ABC do CDC

Dia das crianças: momento para reflexão

Dia das crianças: momento para reflexão.

14/10/2021

Nesta semana, comemorou-se, mais uma vez, o dia das crianças. Com a trégua da pandemia, os pais voltaram às compras ou adquiriram presentes pela web mesmo. Eu, mais uma vez, vou aproveitar a data para propor uma reflexão sobre o tema.                          

Nós, adultos,  em matéria de consumo, estamos praticamente perdidos nesta sociedade capitalista que tudo produz e que tudo vende, amparada, sustentada e auxiliada pelo marketing moderno com suas técnicas de ilusão e controle.  Para o adulto, o horizonte possível de liberdade desse enredo assustador que nos obriga a consumir, consumir e consumir é o da tomada de consciência do processo histórico, que se instituiu a partir das chamadas revoluções burguesa e industrial e que vem sendo vendida como um projeto de liberdade.  Falsa liberdade, na medida em que quase todo seu exercício se resume a adquirir produtos e serviços cuja escolha é limitada àquilo que é decidido unilateralmente pelos fornecedores.

Vamos, pois, alguns de nós adultos, lutando contra o poder opressivo do mercado e outros nem se dando conta desse aprisionamento.

Muito bem. Pergunto: é esse o futuro que desejamos para nossas crianças? É esse tipo de sociedade que queremos manter para que elas vivam quando crescerem? Uma sociedade em que os indivíduos se medem pelo que possuem, pelo poder de compra, pelo que podem ter e não por aquilo que são?

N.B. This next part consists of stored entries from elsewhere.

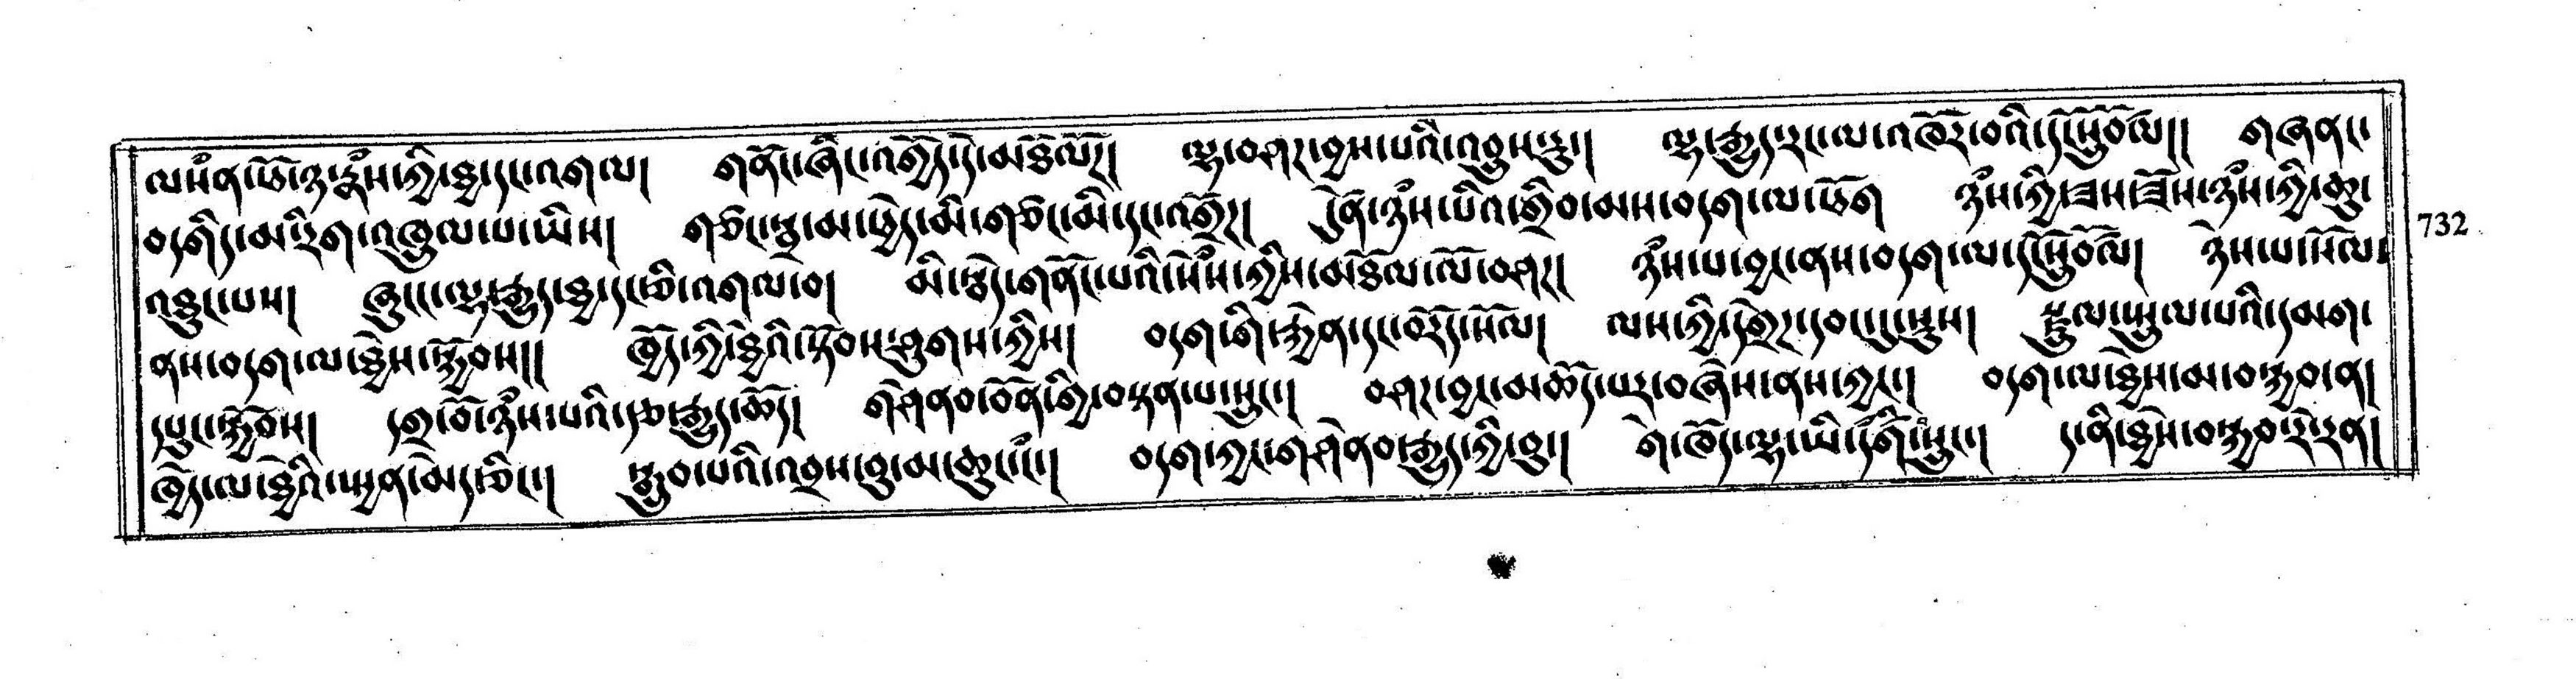ལས་མཁན་ཕོ་ཉ་རྣམས་ཀྱི་ཐུགས་དང་འགལ། གནོང་ཞིང་འགྱོད་དེ་མཐོལ་ལོ་བཤགས། ལྷ་བཤགས་བྱས་པའི་འབྲས་བུ་རུ། ལྷ་རྒྱུད་རང་ལ་འཁོར་བའི་དངོས་གྲུབ་སྩོལ།། གཞན་ཡང་
བདག་ཉིད་མ་རིག་འཁྲུལ་པ་ཡིས། གཙང་སྦྲ་མ་ཕྱེད་མི་གཙང་མི་དང་འགྲོགས། དུན་ཙེ་ཉམས་པའི་གྲིབ་མས་བདག་ལ་ཕོག ཉམས་ཀྱི་ཟས་ཟོས་ཉམས་ཀྱི་ཆུ་
འཐུང་པས། ཞང་ཞུང་ལྷ་རྒྱུད་ཐུགས་དང་ཅི་འགལ་བ། མི་སྦེད་གནོང་པའི་སེམས་ཀྱིས་མཐོལ་ལོ་བཤགས། ཉམས་པ་བྱང་ནས་བདག་ལ་དངོས་གྲུབ་སྩོལ། ཉེས་པ་སོལ་
ནས་བདག་ལ་ཐུགས་རྗེས་སྐྱོབས།། ཁྱོད་ཀྱི་ཐུགས་རྗེའི་སྟོབས་ཤུགས་ཀྱིས། བདག་གི་རྐྱེན་དང་བར་ཆོད་སོལ། ལས་ཀྱི་དགྲ་བགེགས་དབང་དུ་བསྡུས། རྫུ་འཕྲུལ་སྤྲུལ་པའི་དམག་
དཔུང་སྐྱོབས། དགྲ་བོ་ཉམས་པའི་རྩ་རྒྱུད་ཆོད། གཤེན་རབ་བོན་གྱི་བསྟན་པ་སྲུང་། བཤགས་བྱང་མཆོད་པར་བཞེས་ནས་ཀྱང་། བདག་ལ་ཐུགས་རྗེས་མ་བསྐྱབ་ན། 
ཁྱོད་ལ་ཐུགས་རྗེའི་སྤྱན་མེད་ཅིང་། སྒྲུབ་པའི་འབྲས་བུ་མ་ཆུང་ངམ། བདག་ཀྱང་གཤེན་རབ་རྒྱུད་ཀྱི་བུ། གེ་ཁོད་ལྷ་ཡི་དམ་ཚིག་སྲུང་། ད་ནི་ཐུགས་རྗེས་བསྐྱབ་རེ་རན།

Claro que nem toda culpa é do mercado, mas com certeza o modelo que faz com que o indivíduo se aliene nas compras e acredite nas promessas da publicidade, o atordoa de tal modo que ele, jogado à própria individualidade, não sabe como agir.

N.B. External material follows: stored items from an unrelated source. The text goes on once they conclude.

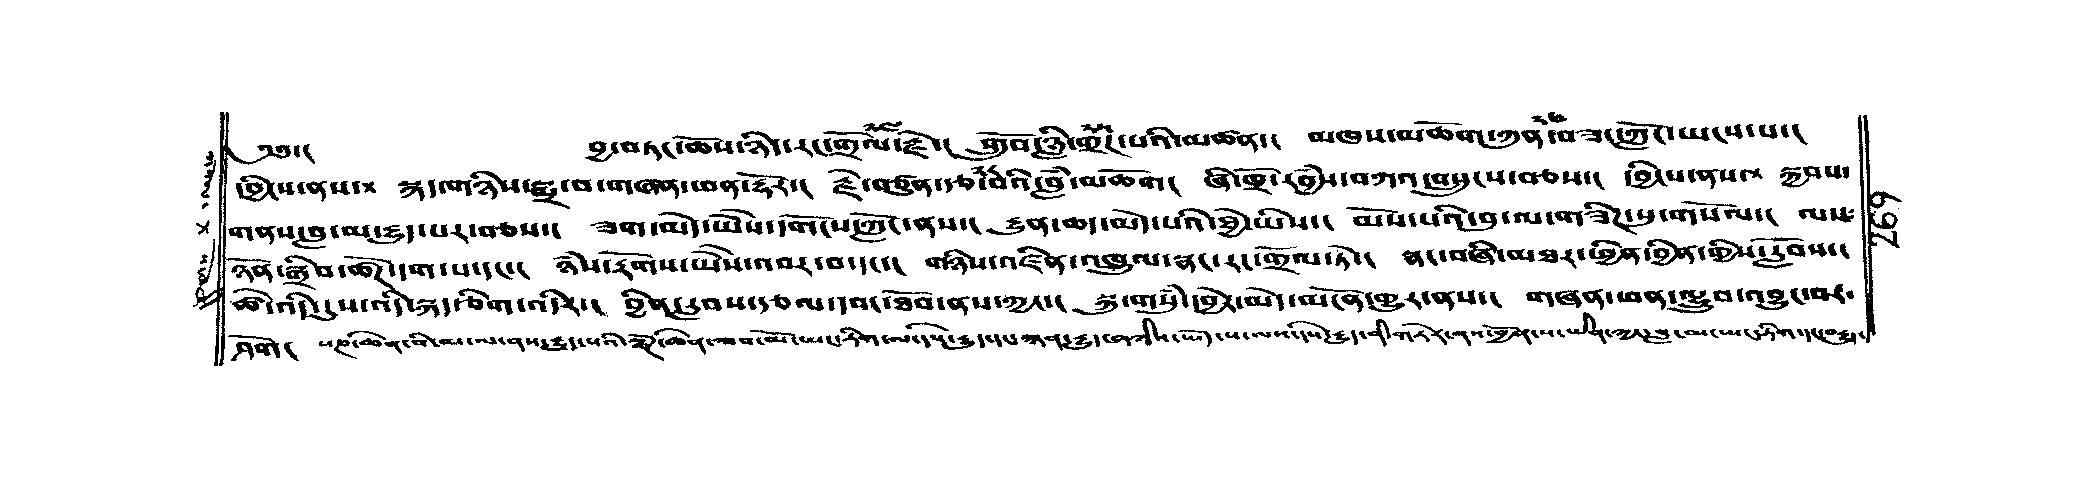།བྱ་བཏང་ཆོས་ཉིད་རང་གྲོལ་རྗེ། །གྲུབ་ཐོབ་ཉི་ཟླ་གྲགས་པའི་མཚན། །མཁས་མཆོག་ཀུན་བཟང་ཀློང་ཡངས་པ། །
དབྱིངས་ནས།༴ །སྐད་གཉིས་སྨྲ་བ་གཞན་ཕན་རྡོར། །རྗེ་བཙུན་རྩ་བའི་བླ་མ་མཆོག །ཞི་ཁྲོ་རབ་འབྱམས་བཀའ་སྲུང་བཅས། །དབྱིངས་ནས༴ །སྐྱབས་
གནས་བླ་མ་རྒྱུད་པར་བཅས། །ཟག་མེད་ཡེ་ཤེས་དགོངས་ཀློང་ནས། །རྒྱུན་ཆད་མེད་པའི་ཐུགས་རྗེ་ཡིས། །མོས་པའི་བུ་ལ་གཟིགས་སུ་གསོལ། །ལས་
ཉོན་སྒྲིབ་ཚོགས་དག་པ་དང་། །ཉམས་རྟོགས་ཡེ་ཤེས་འབར་བ་དང་། །གཉིས་འཛིན་འཁྲུལ་སྣང་རང་གྲོལ་ཏེ། །སྣང་བཞི་མཐར་ཕྱིན་བྱིན་གྱིས་རློབས། །
ཚེ་འདི་དུས་འདི་སྐད་ཅིག་འདིར། །བྱིན་རླབས་རྩལ་དབང་ཐོབ་ནས་ཀྱང་། །སྐུ་གསུམ་དབྱེར་མེད་མངོན་གྱུར་ནས། །གཞན་ཕན་ལྷུན་གྲུབ་འབྱུང་བར་
ཤོག པཎ་ཆེན་བི་མ་ལ་ནས་བརྒྱུད་པའི་རྫོགས་ཆེན་ཟབ་མོ་ཡང་ཏིག་ལ་དཔེ་རྒྱུད་དང་སྙན་རྒྱུད་གཉིས་ཡོད་པ་ལས་དཔེ་རྒྱུད་ནི་གཏེར་ནས་བྱོན་པ་ཡིན་ཀྱང་བླ་མ་ཡང་ཏིག་དང་བརྒྱུད་

E as crianças, como estão posicionadas nesta sociedade capitalista? Como é que elas recebem o espetacular assédio do marketing e suas armas?

Certamente, com mais influência que em relação aos adultos. Mas, claro, há muitos pais absorvidos por todas as formas de consumo e que, inclusive, utilizam-se do próprio mercado para controlar seus filhos, o que é uma pena. Não que seja fácil. Ainda que, por exemplo, os pais tenham o costume de limitar a exposição de seus filhos à tevê, basta um pouco de tempo para a percepção do ataque (uma verdadeira guerra de anúncios invade a sala ou o quarto em poucos minutos!). E, mesmo que o filho ou a filha tenham seu tempo limitado de uso do smartphone ou da internet, são suficientes também apenas alguns minutos para a explosão de ofertas.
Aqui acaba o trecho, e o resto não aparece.